Extracted data entries
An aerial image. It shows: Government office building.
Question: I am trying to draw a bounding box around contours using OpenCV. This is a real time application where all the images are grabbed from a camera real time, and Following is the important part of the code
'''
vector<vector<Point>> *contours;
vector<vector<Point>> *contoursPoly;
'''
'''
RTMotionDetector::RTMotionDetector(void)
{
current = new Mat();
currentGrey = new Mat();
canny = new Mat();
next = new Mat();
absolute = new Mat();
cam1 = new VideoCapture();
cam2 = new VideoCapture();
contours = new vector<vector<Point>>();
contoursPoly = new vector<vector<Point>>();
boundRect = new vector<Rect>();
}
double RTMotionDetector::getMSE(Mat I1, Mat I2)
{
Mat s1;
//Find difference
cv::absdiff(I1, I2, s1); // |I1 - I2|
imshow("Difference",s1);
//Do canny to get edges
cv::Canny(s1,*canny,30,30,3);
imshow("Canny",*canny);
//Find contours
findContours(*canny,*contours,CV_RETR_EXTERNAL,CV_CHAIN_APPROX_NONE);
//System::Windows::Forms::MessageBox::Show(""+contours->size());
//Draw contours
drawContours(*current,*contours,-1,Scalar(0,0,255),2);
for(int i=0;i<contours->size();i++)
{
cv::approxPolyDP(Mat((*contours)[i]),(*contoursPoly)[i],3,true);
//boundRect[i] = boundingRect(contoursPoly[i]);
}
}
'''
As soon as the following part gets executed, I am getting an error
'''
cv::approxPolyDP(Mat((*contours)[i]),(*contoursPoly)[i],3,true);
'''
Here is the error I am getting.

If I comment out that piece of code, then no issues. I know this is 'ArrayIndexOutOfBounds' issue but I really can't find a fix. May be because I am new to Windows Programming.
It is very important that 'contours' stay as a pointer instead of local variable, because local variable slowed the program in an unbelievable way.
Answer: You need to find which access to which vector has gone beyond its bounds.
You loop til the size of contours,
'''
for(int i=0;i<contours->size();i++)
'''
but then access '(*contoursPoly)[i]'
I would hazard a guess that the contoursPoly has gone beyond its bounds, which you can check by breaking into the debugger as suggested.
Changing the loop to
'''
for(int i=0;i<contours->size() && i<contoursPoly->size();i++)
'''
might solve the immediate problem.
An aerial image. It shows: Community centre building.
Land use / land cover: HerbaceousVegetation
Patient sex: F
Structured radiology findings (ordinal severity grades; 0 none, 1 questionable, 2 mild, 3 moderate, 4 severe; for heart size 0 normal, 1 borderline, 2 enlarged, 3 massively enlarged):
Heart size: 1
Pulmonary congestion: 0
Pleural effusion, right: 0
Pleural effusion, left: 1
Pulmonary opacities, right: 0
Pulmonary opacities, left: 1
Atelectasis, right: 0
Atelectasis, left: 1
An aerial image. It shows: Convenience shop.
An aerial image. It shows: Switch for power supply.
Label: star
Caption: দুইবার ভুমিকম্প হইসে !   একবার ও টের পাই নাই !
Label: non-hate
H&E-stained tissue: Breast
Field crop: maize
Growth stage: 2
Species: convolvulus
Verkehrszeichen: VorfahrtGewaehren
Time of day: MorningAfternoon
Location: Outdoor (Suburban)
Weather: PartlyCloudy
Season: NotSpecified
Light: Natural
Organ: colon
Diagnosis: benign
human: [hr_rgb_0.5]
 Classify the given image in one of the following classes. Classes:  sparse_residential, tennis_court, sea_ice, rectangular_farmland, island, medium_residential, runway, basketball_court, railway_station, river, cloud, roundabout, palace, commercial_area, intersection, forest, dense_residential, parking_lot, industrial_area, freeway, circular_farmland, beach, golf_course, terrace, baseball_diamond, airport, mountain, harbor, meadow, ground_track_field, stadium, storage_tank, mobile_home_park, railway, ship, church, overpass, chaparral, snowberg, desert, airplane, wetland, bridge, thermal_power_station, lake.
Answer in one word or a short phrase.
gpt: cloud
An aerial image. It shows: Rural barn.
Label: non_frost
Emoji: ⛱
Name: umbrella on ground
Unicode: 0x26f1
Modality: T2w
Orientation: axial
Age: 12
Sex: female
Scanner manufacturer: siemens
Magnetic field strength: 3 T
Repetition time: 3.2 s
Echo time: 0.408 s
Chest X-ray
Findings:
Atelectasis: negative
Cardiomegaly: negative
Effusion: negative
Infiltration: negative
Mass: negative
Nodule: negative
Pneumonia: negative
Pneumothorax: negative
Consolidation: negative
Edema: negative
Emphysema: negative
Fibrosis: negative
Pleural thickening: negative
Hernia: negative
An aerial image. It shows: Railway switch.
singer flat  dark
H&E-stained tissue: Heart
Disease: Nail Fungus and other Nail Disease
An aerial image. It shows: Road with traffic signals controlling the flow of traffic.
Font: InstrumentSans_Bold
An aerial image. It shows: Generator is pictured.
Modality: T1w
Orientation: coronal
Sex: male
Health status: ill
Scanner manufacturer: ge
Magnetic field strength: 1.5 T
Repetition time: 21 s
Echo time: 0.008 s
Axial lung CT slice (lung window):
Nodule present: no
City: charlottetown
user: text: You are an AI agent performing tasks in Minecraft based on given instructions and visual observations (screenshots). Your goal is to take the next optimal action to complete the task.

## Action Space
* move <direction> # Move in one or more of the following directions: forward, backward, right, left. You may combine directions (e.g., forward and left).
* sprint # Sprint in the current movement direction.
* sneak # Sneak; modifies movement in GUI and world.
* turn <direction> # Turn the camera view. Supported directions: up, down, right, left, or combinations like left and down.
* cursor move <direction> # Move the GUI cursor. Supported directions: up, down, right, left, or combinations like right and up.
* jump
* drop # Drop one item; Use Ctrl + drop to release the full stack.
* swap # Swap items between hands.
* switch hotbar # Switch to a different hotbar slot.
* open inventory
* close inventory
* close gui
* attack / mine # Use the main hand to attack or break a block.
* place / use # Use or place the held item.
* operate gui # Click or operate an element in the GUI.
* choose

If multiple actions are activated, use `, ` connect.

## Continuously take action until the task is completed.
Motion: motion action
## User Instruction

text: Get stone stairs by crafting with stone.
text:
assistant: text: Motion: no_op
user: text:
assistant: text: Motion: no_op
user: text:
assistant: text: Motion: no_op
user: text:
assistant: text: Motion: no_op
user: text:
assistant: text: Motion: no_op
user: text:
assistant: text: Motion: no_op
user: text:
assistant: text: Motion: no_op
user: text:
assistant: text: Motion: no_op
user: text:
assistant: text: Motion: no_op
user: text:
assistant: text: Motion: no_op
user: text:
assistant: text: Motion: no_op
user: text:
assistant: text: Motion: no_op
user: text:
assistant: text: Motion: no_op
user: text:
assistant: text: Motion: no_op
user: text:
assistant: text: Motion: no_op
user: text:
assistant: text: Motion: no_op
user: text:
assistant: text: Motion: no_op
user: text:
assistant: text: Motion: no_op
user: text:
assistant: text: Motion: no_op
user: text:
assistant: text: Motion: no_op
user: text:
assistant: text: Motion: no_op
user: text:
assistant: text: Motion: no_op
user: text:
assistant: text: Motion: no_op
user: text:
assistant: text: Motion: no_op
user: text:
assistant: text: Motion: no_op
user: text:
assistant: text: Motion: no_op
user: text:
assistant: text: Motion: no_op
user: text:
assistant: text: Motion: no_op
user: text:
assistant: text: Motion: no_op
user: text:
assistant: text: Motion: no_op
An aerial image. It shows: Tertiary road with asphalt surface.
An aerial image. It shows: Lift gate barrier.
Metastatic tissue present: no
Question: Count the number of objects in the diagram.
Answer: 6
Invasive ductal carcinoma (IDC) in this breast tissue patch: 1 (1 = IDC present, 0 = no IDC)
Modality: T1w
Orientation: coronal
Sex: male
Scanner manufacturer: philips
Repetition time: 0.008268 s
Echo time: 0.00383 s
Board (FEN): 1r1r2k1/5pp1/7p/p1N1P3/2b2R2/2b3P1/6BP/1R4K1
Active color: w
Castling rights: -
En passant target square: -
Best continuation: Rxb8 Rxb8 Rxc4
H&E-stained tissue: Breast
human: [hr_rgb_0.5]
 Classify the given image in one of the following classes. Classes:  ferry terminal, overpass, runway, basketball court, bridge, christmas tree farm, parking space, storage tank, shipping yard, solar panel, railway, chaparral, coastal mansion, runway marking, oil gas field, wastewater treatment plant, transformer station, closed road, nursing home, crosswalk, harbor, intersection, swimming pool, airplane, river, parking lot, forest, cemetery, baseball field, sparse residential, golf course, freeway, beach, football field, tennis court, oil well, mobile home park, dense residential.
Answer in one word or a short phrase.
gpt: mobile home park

What is required:
In the data above, which lines lie between the line with "Repetition time: 21 s" and the line with "user: text: You", inclusive? Print those lines exactly and nothing else.

Response box:
Repetition time: 21 s
Echo time: 0.008 s
Axial lung CT slice (lung window):
Nodule present: no
City: charlottetown
user: text: You are an AI agent performing tasks in Minecraft based on given instructions and visual observations (screenshots). Your goal is to take the next optimal action to complete the task.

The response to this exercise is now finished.